» **MATERIALS PROVIDED**:
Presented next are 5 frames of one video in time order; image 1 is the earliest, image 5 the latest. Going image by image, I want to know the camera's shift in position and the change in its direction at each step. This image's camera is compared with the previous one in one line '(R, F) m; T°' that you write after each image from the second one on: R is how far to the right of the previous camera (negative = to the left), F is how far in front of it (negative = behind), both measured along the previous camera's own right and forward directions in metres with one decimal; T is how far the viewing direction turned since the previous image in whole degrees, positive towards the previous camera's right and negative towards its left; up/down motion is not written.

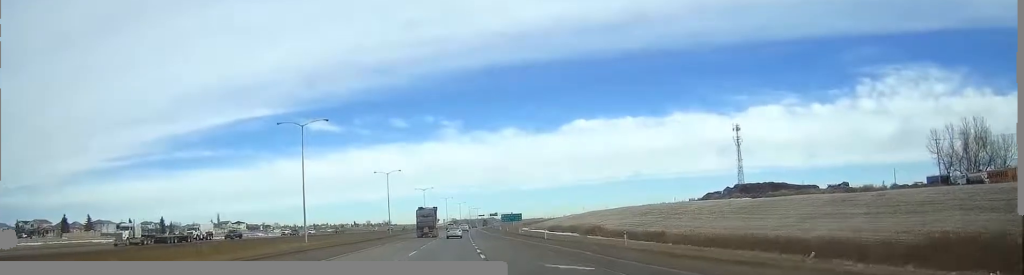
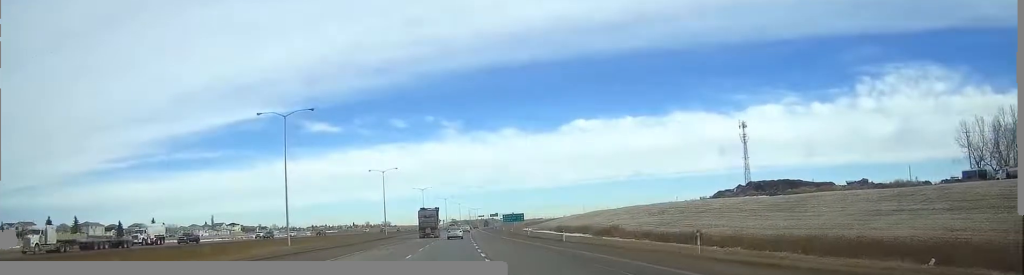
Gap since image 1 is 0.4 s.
(0.0, +11.7) m; 0°
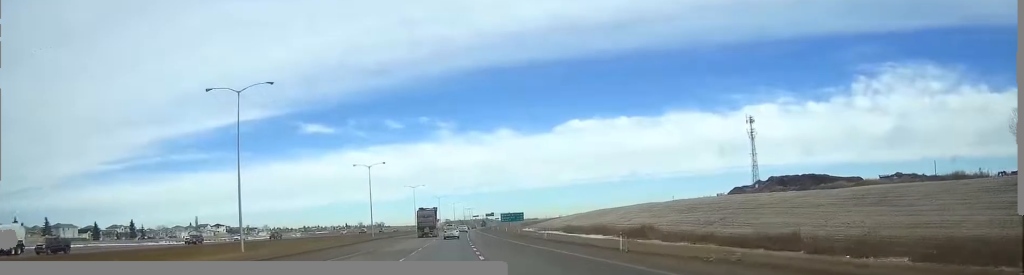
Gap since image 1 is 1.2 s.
(0.0, +20.8) m; 0°
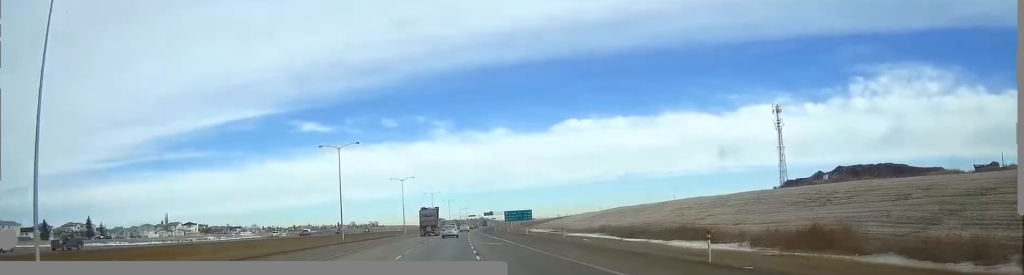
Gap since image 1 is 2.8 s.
(+0.2, +43.7) m; 0°
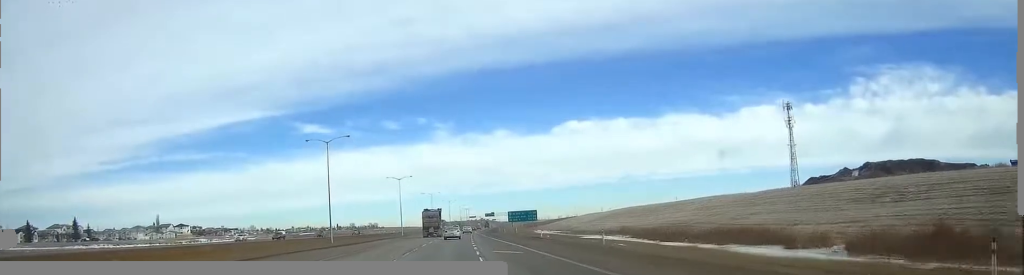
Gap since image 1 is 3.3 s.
(0.0, +13.7) m; 0°
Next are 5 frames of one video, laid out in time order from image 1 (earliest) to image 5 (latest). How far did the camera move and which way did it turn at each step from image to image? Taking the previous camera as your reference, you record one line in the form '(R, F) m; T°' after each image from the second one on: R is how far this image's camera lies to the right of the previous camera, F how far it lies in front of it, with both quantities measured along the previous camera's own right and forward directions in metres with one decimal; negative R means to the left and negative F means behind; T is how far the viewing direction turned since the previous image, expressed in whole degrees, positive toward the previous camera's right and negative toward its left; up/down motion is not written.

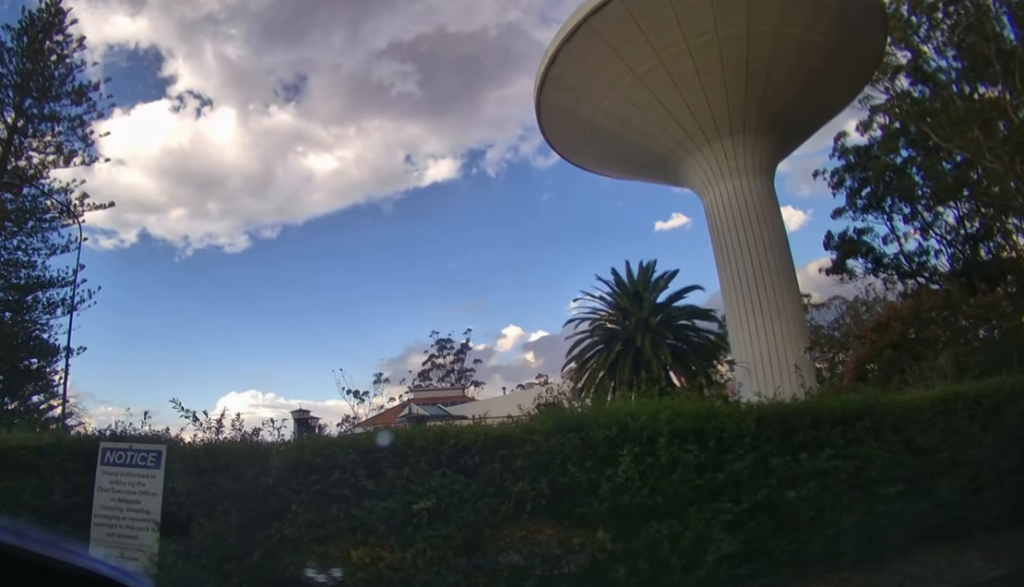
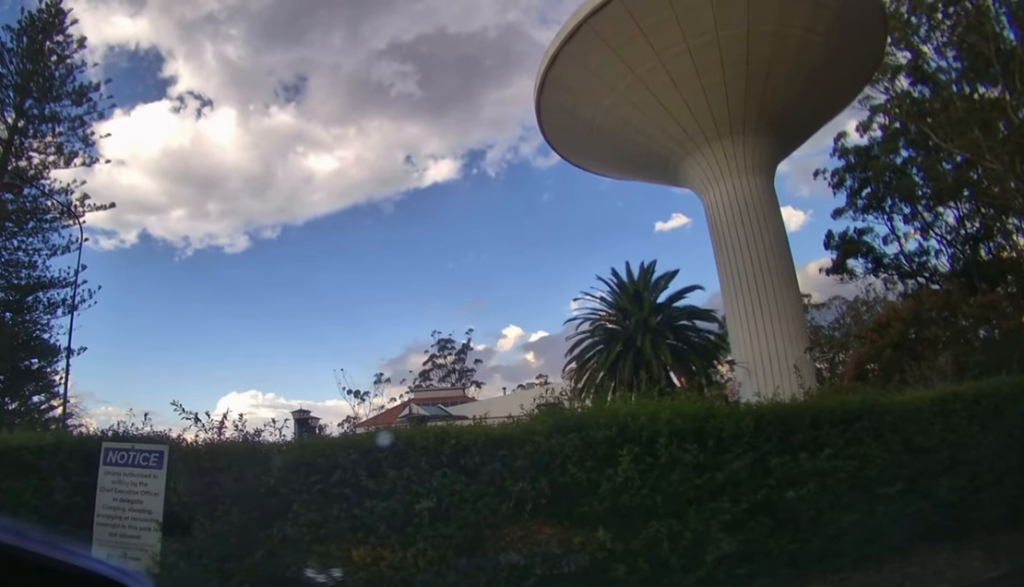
(0.0, 0.0) m; 0°
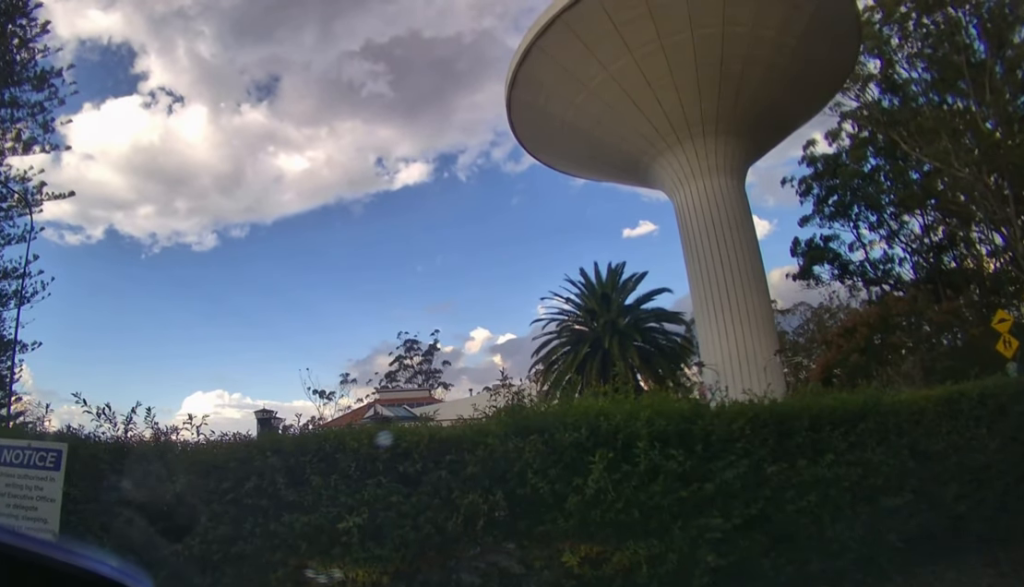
(-0.1, +0.3) m; 0°
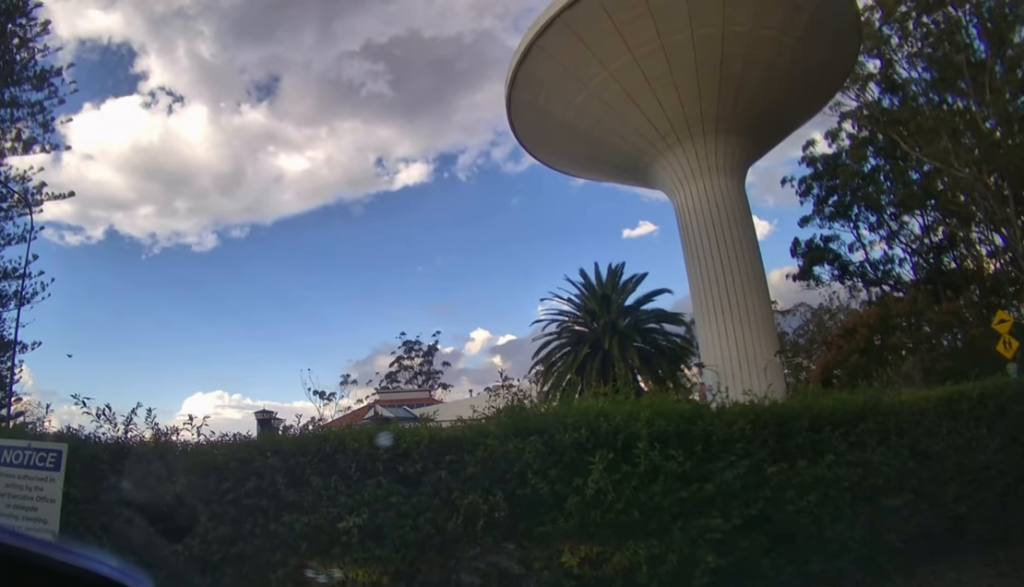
(0.0, 0.0) m; 0°
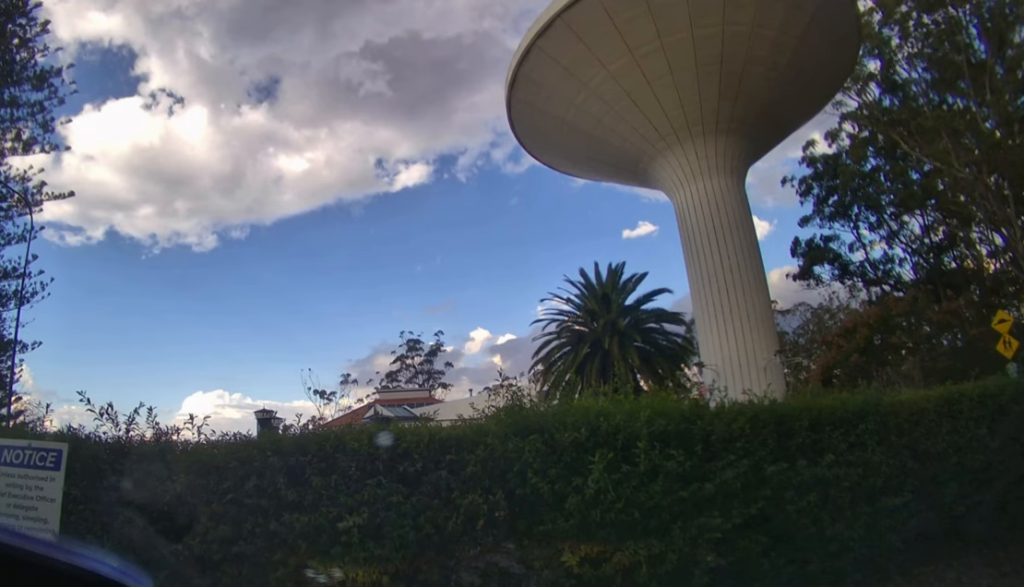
(0.0, 0.0) m; 0°
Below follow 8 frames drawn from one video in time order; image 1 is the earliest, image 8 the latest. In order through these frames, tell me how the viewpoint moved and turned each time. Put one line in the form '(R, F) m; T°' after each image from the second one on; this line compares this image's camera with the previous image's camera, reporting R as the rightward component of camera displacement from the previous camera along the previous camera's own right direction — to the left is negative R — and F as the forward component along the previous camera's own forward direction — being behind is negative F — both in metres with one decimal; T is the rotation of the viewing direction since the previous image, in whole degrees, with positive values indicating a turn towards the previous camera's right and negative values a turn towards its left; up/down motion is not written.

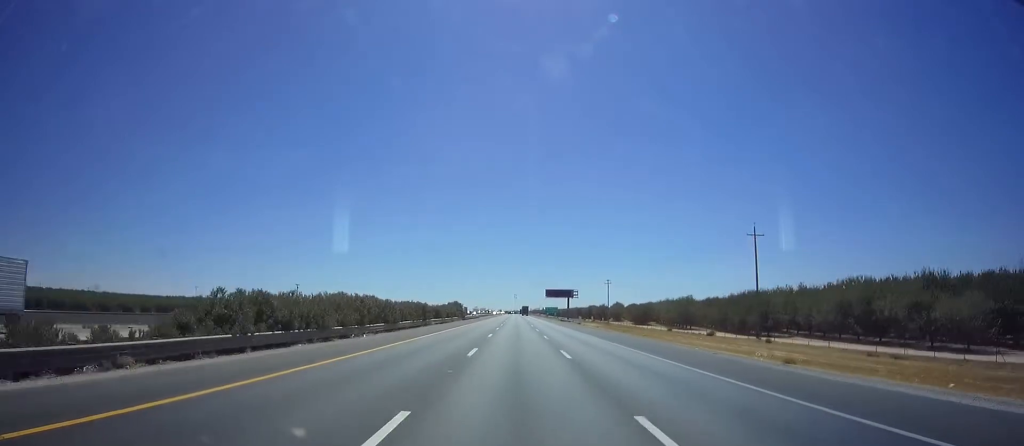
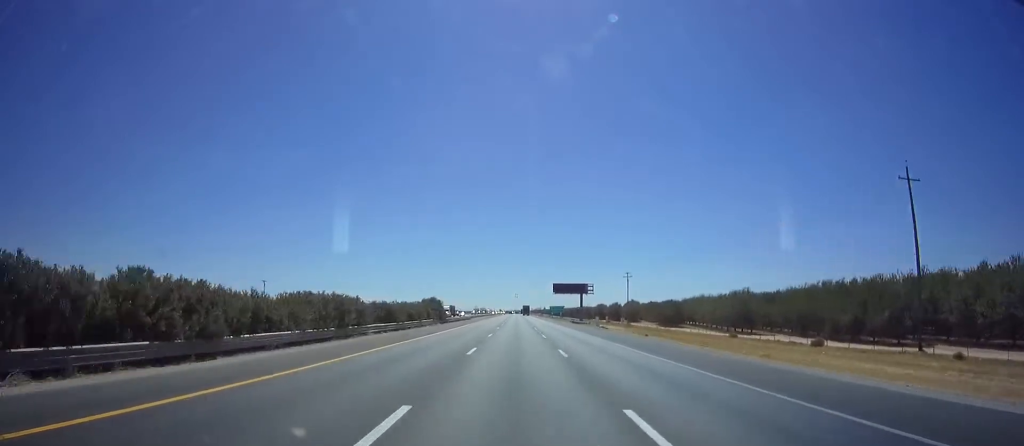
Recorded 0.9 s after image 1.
(+0.2, +28.9) m; 0°
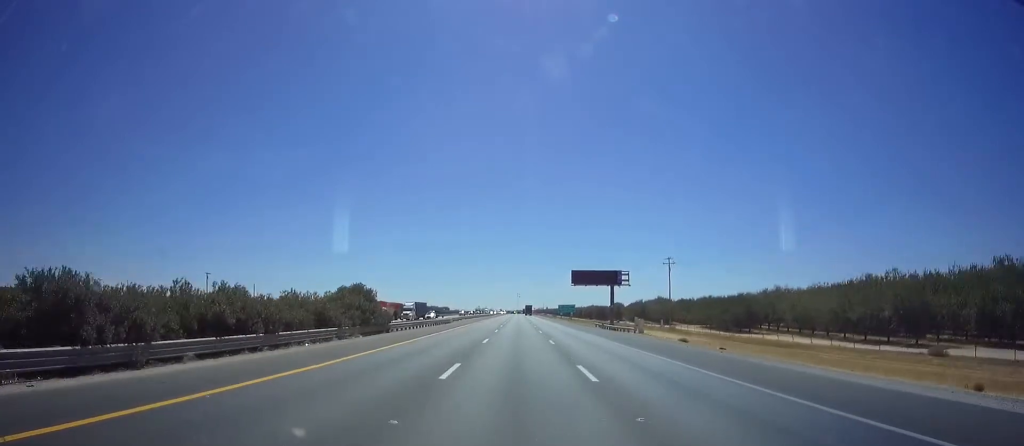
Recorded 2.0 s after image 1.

» **YOUR OBJECTIVE**: A verbatim copy of the listing, with all pictures removed, is required.

» **YOUR SOLUTION**:
Presented next are 5 frames of one video in time order; image 1 is the earliest, image 5 the latest. Going image by image, I want to know the camera's shift in position and the change in its direction at each step. This image's camera is compared with the previous one in one line '(R, F) m; T°' that you write after each image from the second one on: R is how far to the right of the previous camera (negative = to the left), F is how far in front of it (negative = behind), both measured along the previous camera's own right and forward directions in metres with one decimal; T is how far the viewing direction turned since the previous image in whole degrees, positive towards the previous camera's right and negative towards its left; up/down motion is not written.

Gap since image 1 is 0.4 s.
(0.0, +11.7) m; 0°
Gap since image 1 is 1.2 s.
(0.0, +20.8) m; 0°
Gap since image 1 is 2.8 s.
(+0.2, +43.7) m; 0°
Gap since image 1 is 3.3 s.
(0.0, +13.7) m; 0°
Next are 5 frames of one video, laid out in time order from image 1 (earliest) to image 5 (latest). How far did the camera move and which way did it turn at each step from image to image? Taking the previous camera as your reference, you record one line in the form '(R, F) m; T°' after each image from the second one on: R is how far this image's camera lies to the right of the previous camera, F how far it lies in front of it, with both quantities measured along the previous camera's own right and forward directions in metres with one decimal; negative R means to the left and negative F means behind; T is how far the viewing direction turned since the previous image, expressed in whole degrees, positive toward the previous camera's right and negative toward its left; up/down motion is not written.

(0.0, 0.0) m; 0°
(-0.1, +0.3) m; 0°
(0.0, 0.0) m; 0°
(0.0, 0.0) m; 0°
Below follow 8 frames drawn from one video in time order; image 1 is the earliest, image 8 the latest. In order through these frames, tell me how the viewpoint moved and turned each time. Put one line in the form '(R, F) m; T°' after each image from the second one on; this line compares this image's camera with the previous image's camera, reporting R as the rightward component of camera displacement from the previous camera along the previous camera's own right direction — to the left is negative R — and F as the forward component along the previous camera's own forward direction — being behind is negative F — both in metres with one decimal; T is the rotation of the viewing direction since the previous image, in whole degrees, with positive values indicating a turn towards the previous camera's right and negative values a turn towards its left; up/down motion is not written.

Recorded 0.9 s after image 1.
(+0.2, +28.9) m; 0°
Recorded 2.0 s after image 1.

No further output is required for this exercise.